◆ **WORK TASK**
Copy the listing below in full, exactly as given.

◆ **RECORDS FOR PROCESSING**

+ + + + + + +

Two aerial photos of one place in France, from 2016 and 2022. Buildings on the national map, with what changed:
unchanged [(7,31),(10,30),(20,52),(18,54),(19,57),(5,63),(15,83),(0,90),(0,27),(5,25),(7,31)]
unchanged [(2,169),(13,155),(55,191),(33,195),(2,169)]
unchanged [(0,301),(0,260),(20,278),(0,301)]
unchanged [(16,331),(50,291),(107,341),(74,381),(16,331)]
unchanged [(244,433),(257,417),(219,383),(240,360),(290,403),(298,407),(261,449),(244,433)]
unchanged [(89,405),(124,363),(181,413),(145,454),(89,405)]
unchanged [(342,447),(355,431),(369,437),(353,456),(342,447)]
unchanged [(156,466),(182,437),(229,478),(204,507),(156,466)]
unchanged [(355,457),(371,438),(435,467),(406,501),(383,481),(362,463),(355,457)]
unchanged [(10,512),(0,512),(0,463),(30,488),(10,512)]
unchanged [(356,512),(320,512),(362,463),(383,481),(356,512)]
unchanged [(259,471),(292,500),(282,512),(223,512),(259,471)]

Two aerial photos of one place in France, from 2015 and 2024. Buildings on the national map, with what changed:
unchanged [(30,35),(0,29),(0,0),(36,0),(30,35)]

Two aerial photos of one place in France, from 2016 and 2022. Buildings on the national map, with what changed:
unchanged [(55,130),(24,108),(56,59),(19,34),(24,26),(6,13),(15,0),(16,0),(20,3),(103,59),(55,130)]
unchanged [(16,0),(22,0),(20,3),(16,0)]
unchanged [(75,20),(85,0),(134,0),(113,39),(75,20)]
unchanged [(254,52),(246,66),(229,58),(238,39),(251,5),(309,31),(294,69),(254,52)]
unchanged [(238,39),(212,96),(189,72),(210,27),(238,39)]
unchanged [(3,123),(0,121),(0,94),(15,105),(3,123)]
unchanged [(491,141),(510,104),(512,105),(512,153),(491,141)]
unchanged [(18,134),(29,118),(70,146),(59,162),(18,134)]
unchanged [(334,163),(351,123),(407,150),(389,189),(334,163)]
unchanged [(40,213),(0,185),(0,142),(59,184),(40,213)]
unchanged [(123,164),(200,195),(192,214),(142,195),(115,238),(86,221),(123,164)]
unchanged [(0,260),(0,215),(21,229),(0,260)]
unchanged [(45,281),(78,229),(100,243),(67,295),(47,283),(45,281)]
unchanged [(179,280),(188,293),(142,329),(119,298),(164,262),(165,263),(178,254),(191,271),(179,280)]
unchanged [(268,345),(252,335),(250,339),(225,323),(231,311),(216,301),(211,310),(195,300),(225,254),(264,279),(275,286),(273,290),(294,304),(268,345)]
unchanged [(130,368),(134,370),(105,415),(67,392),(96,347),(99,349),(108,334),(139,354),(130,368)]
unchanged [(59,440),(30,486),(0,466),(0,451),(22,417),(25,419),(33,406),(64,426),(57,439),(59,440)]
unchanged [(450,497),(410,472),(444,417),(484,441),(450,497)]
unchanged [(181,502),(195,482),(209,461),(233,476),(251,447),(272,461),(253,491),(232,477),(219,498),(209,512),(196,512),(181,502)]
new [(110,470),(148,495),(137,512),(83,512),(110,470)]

+ + + + + + +

◆ **ANSWER TO THE EXERCISE**
Two aerial photos of one place in France, from 2016 and 2022. Buildings on the national map, with what changed:
unchanged [(7,31),(10,30),(20,52),(18,54),(19,57),(5,63),(15,83),(0,90),(0,27),(5,25),(7,31)]
unchanged [(2,169),(13,155),(55,191),(33,195),(2,169)]
unchanged [(0,301),(0,260),(20,278),(0,301)]
unchanged [(16,331),(50,291),(107,341),(74,381),(16,331)]
unchanged [(244,433),(257,417),(219,383),(240,360),(290,403),(298,407),(261,449),(244,433)]
unchanged [(89,405),(124,363),(181,413),(145,454),(89,405)]
unchanged [(342,447),(355,431),(369,437),(353,456),(342,447)]
unchanged [(156,466),(182,437),(229,478),(204,507),(156,466)]
unchanged [(355,457),(371,438),(435,467),(406,501),(383,481),(362,463),(355,457)]
unchanged [(10,512),(0,512),(0,463),(30,488),(10,512)]
unchanged [(356,512),(320,512),(362,463),(383,481),(356,512)]
unchanged [(259,471),(292,500),(282,512),(223,512),(259,471)]

Two aerial photos of one place in France, from 2015 and 2024. Buildings on the national map, with what changed:
unchanged [(30,35),(0,29),(0,0),(36,0),(30,35)]

Two aerial photos of one place in France, from 2016 and 2022. Buildings on the national map, with what changed:
unchanged [(55,130),(24,108),(56,59),(19,34),(24,26),(6,13),(15,0),(16,0),(20,3),(103,59),(55,130)]
unchanged [(16,0),(22,0),(20,3),(16,0)]
unchanged [(75,20),(85,0),(134,0),(113,39),(75,20)]
unchanged [(254,52),(246,66),(229,58),(238,39),(251,5),(309,31),(294,69),(254,52)]
unchanged [(238,39),(212,96),(189,72),(210,27),(238,39)]
unchanged [(3,123),(0,121),(0,94),(15,105),(3,123)]
unchanged [(491,141),(510,104),(512,105),(512,153),(491,141)]
unchanged [(18,134),(29,118),(70,146),(59,162),(18,134)]
unchanged [(334,163),(351,123),(407,150),(389,189),(334,163)]
unchanged [(40,213),(0,185),(0,142),(59,184),(40,213)]
unchanged [(123,164),(200,195),(192,214),(142,195),(115,238),(86,221),(123,164)]
unchanged [(0,260),(0,215),(21,229),(0,260)]
unchanged [(45,281),(78,229),(100,243),(67,295),(47,283),(45,281)]
unchanged [(179,280),(188,293),(142,329),(119,298),(164,262),(165,263),(178,254),(191,271),(179,280)]
unchanged [(268,345),(252,335),(250,339),(225,323),(231,311),(216,301),(211,310),(195,300),(225,254),(264,279),(275,286),(273,290),(294,304),(268,345)]
unchanged [(130,368),(134,370),(105,415),(67,392),(96,347),(99,349),(108,334),(139,354),(130,368)]
unchanged [(59,440),(30,486),(0,466),(0,451),(22,417),(25,419),(33,406),(64,426),(57,439),(59,440)]
unchanged [(450,497),(410,472),(444,417),(484,441),(450,497)]
unchanged [(181,502),(195,482),(209,461),(233,476),(251,447),(272,461),(253,491),(232,477),(219,498),(209,512),(196,512),(181,502)]
new [(110,470),(148,495),(137,512),(83,512),(110,470)]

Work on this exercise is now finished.